* WORK TO BE COMPLETED: Retype all the entries word for word, but omit the pictures.
═════ RECORD SET ═════
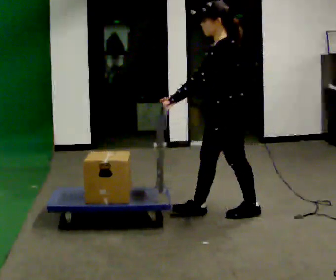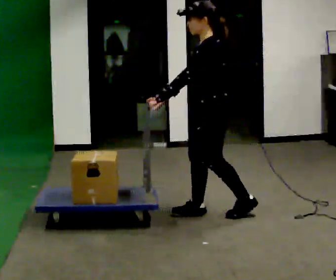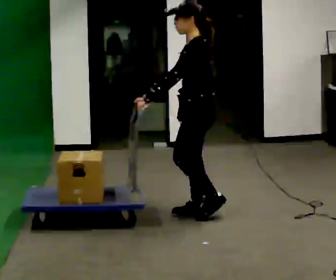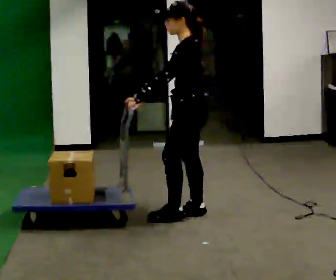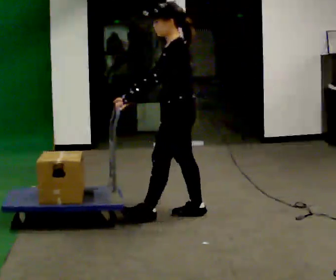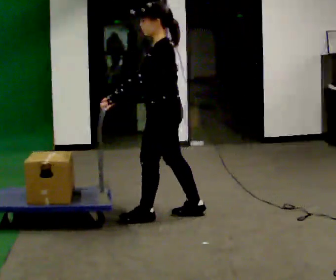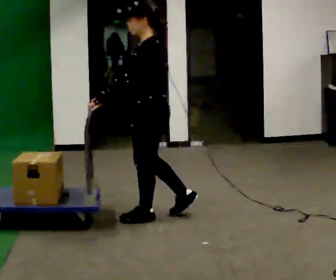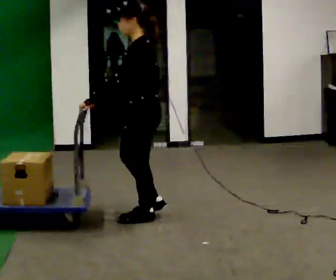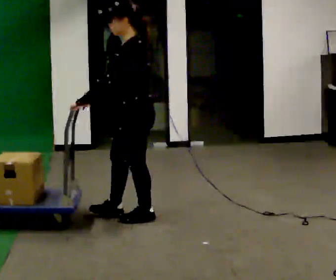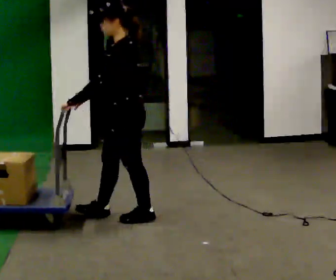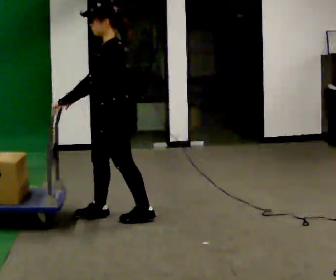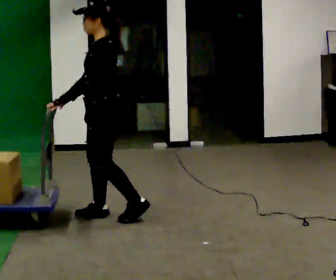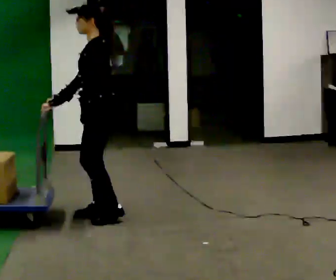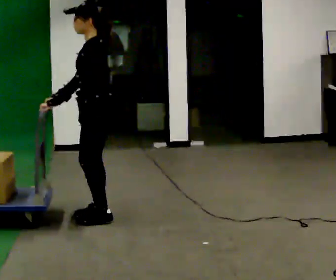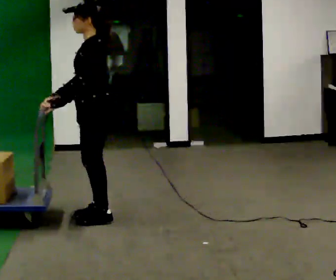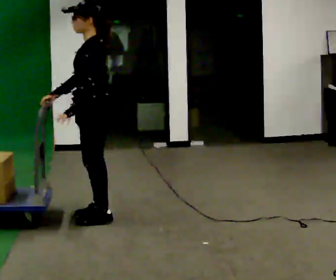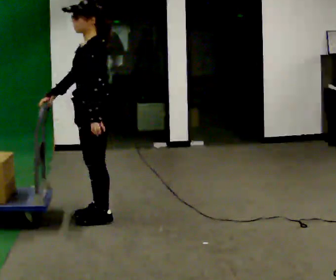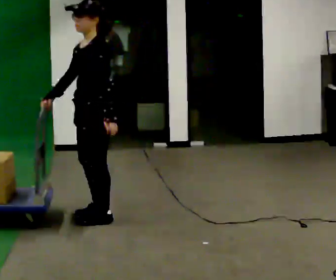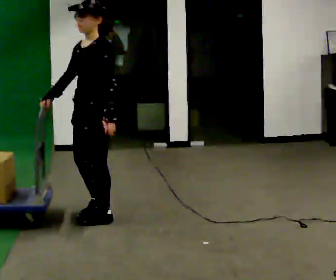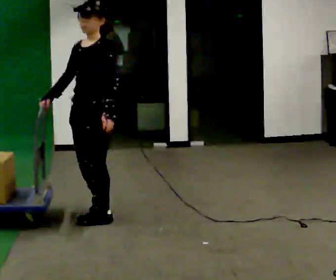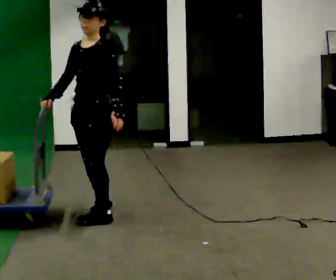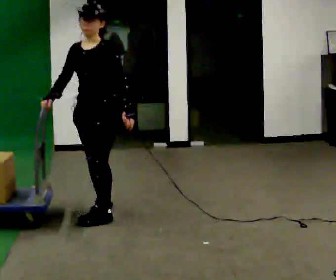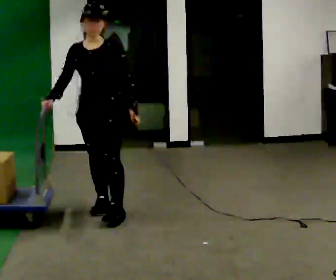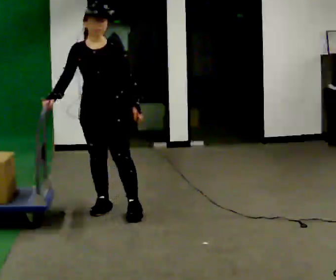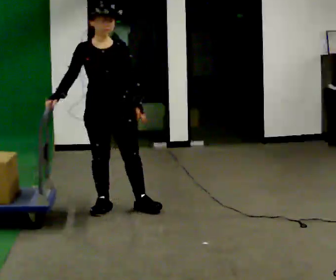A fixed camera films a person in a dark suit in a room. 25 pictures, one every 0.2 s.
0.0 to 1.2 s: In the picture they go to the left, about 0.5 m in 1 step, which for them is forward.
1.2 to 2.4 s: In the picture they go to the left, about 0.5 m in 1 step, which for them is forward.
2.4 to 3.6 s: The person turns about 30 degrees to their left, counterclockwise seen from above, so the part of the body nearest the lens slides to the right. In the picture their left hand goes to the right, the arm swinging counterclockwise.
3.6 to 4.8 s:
═════
* COMPLETED TASK:
A fixed camera films a person in a dark suit in a room. 25 pictures, one every 0.2 s.
0.0 to 1.2 s: In the picture they go to the left, about 0.5 m in 1 step, which for them is forward.
1.2 to 2.4 s: In the picture they go to the left, about 0.5 m in 1 step, which for them is forward.
2.4 to 3.6 s: The person turns about 30 degrees to their left, counterclockwise seen from above, so the part of the body nearest the lens slides to the right. In the picture their left hand goes to the right, the arm swinging counterclockwise.
3.6 to 4.8 s:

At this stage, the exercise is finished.